Roth American, Inc., In re

Decision Date03 September 1992
Docket NumberNo. 91-5564,No. 401,401,91-5564
Citation975 F.2d 949
Parties141 L.R.R.M. (BNA) 2218, 123 Lab.Cas. P 10,346, 27 Collier Bankr.Cas.2d 1125, 23 Bankr.Ct.Dec. 669, Bankr. L. Rep. P 74,824 In re ROTH AMERICAN, INC., Debtor. Teamsters Local UnionHealth & Welfare Fund International Brotherhood of Teamsters, Local 401, Appellant.
CourtU.S. Court of Appeals — Third Circuit

Patrick J. Szymanski (argued), Christy Concannon, Baptiste & Wilder P.C., Washington, D.C., John J. Dunn, Sr., Dunn & Byrne Law Offices, Scranton, Pa., for appellant.

Robert C. Nowalis (argued), Doran & Nowalis, Wilkes-Barre, Pa., for appellee.

Before: SLOVITER, Chief Judge, STAPLETON and SEITZ, Circuit Judges.

OPINION OF THE COURT

SLOVITER, Chief Judge.

Before us is an appeal by the International Brotherhood of Teamsters Local 401 (the Union) from a district court order that affirmed a bankruptcy court order (1) rejecting the Union's claim for unearned wages for breach of a post-petition agreement to maintain operations for two years, and (2) ruling that the Union's claims for severance pay and vacation pay against a Chapter 11 debtor, Roth American, Inc., were entitled to an administrative priority only to the extent that these benefits were earned post-petition.
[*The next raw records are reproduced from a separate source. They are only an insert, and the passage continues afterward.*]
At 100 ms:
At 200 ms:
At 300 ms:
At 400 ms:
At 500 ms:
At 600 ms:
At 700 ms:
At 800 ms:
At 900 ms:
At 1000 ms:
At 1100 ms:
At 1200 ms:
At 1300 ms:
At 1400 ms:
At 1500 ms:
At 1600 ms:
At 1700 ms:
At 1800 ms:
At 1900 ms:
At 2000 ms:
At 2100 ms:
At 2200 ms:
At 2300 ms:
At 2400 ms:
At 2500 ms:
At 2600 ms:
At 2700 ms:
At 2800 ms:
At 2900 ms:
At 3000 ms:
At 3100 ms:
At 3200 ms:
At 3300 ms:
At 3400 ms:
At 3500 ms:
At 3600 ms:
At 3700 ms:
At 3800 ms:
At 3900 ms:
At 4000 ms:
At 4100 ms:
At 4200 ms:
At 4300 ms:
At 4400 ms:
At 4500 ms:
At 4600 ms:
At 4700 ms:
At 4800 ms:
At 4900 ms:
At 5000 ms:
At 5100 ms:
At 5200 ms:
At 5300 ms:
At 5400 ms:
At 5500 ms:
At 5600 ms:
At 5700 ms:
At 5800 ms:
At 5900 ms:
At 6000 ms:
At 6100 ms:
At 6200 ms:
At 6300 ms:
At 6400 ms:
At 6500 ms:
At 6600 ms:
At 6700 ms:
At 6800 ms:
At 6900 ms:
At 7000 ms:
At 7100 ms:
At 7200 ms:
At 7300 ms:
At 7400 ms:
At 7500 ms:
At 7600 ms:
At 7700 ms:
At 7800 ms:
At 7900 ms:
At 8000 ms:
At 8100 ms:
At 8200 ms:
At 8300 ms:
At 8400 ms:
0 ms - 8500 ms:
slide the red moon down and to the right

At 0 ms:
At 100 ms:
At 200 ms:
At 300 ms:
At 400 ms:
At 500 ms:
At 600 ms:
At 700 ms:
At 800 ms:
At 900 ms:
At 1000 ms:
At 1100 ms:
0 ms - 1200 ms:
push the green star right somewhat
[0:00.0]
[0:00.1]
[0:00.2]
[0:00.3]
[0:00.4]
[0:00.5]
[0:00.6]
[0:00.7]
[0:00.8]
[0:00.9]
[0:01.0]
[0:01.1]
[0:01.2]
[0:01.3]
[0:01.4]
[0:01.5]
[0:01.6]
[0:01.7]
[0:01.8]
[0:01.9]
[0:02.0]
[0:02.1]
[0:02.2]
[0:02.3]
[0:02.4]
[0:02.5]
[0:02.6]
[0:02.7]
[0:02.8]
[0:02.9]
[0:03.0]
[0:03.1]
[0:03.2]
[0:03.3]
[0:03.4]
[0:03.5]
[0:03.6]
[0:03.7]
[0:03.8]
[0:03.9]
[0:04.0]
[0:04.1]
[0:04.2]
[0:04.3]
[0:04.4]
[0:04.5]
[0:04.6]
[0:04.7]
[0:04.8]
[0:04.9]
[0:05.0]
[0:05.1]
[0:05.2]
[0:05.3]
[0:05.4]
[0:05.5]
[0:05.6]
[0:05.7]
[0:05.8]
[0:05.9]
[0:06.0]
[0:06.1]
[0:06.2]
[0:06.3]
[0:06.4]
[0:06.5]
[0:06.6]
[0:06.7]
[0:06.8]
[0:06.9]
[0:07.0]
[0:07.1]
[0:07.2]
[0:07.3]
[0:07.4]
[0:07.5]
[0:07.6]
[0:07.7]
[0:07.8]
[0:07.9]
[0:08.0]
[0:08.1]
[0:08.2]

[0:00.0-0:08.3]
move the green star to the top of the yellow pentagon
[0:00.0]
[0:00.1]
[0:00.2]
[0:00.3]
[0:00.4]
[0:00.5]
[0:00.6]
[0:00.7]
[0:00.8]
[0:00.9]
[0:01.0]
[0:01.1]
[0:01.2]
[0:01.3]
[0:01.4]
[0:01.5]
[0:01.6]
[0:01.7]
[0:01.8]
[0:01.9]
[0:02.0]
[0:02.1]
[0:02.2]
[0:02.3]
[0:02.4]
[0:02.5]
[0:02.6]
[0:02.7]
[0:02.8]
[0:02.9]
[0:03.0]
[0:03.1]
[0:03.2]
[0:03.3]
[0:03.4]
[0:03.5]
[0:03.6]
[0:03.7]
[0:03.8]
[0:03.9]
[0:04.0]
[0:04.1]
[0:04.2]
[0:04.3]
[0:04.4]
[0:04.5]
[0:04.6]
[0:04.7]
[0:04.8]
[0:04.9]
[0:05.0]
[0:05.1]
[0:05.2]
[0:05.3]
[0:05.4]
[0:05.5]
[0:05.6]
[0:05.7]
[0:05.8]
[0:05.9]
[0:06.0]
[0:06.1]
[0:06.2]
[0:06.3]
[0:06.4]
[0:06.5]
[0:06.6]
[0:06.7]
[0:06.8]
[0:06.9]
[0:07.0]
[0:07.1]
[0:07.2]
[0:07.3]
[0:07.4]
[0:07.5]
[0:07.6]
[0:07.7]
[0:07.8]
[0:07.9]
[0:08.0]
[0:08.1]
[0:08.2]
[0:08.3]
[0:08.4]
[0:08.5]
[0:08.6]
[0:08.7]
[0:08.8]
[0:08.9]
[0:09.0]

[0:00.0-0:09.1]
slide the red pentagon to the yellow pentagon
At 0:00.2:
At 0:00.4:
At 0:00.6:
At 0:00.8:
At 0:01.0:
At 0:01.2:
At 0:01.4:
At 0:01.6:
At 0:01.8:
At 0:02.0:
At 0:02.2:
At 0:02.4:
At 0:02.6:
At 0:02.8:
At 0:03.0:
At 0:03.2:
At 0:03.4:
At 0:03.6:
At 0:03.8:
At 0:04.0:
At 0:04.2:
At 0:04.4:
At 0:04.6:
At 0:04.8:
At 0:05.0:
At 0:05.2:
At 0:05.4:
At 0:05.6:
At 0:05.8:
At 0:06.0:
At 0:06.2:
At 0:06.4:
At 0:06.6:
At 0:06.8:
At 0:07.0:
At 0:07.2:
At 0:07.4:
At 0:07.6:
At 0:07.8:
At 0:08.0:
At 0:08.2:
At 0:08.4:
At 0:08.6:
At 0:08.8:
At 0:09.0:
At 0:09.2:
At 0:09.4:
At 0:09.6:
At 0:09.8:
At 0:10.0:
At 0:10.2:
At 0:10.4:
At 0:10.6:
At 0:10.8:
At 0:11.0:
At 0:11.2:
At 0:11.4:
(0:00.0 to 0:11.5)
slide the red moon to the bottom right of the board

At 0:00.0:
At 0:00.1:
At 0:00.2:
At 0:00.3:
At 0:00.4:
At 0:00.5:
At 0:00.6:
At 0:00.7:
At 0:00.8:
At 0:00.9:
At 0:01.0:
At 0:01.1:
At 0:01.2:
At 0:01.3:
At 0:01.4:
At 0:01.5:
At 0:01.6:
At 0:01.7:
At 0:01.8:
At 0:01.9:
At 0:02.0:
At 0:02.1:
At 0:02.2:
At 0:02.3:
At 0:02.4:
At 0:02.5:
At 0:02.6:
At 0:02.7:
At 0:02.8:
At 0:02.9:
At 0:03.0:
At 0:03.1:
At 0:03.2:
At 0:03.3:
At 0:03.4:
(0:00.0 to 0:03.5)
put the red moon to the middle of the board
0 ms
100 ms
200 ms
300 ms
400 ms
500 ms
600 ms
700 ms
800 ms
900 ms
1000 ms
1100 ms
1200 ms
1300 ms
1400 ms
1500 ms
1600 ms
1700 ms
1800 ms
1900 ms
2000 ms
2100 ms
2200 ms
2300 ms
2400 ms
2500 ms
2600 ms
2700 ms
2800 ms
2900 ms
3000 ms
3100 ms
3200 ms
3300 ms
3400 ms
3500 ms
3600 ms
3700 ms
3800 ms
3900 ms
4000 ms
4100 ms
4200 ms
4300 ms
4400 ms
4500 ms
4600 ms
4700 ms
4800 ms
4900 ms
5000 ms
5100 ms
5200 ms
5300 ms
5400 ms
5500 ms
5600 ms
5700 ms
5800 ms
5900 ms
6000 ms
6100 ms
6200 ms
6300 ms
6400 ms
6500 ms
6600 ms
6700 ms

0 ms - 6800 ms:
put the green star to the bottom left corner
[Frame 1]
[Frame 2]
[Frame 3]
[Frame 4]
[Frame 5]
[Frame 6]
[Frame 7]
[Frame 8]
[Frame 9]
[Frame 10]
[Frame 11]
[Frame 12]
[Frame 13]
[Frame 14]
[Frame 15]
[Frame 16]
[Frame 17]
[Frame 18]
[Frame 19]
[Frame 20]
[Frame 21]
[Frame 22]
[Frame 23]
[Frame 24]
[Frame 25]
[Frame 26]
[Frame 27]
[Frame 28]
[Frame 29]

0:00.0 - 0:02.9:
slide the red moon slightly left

I. Facts and Procedural History

Roth American, Inc., was a manufacturer of toys and gym sets in Wilkes-Barre, Pennsylvania, employing over 200 persons who were represented by Teamsters Local 401. In 1985, the company and the Union entered into a collective bargaining agreement covering the period from November 1, 1985 until June 30, 1988.

On February 2, 1988, Roth American filed a voluntary petition for reorganization under Chapter 11 of the Bankruptcy Code. In the meantime, Roth American had negotiated with the Union to obtain a modification of the collective bargaining agreement that was embodied in a separate memorandum of agreement. The 1988 memorandum of agreement, which became effective on February 4, 1988, 1 extended the existing collective bargaining agreement until January 1, 1989 and provided for a reduction in wages of seventy cents per hour across the board. Of particular importance to this appeal, it also provided:

The Employer will maintain the operations covered by the current Collective Bargaining Agreement in the Wilkes-Barre area for a minimum of two (2) years, commencing upon the effective date of this Memorandum of Agreement. This commitment also includes the representation that equipment necessary to the operations of those facilities will not be moved from the Wilkes-Barre area.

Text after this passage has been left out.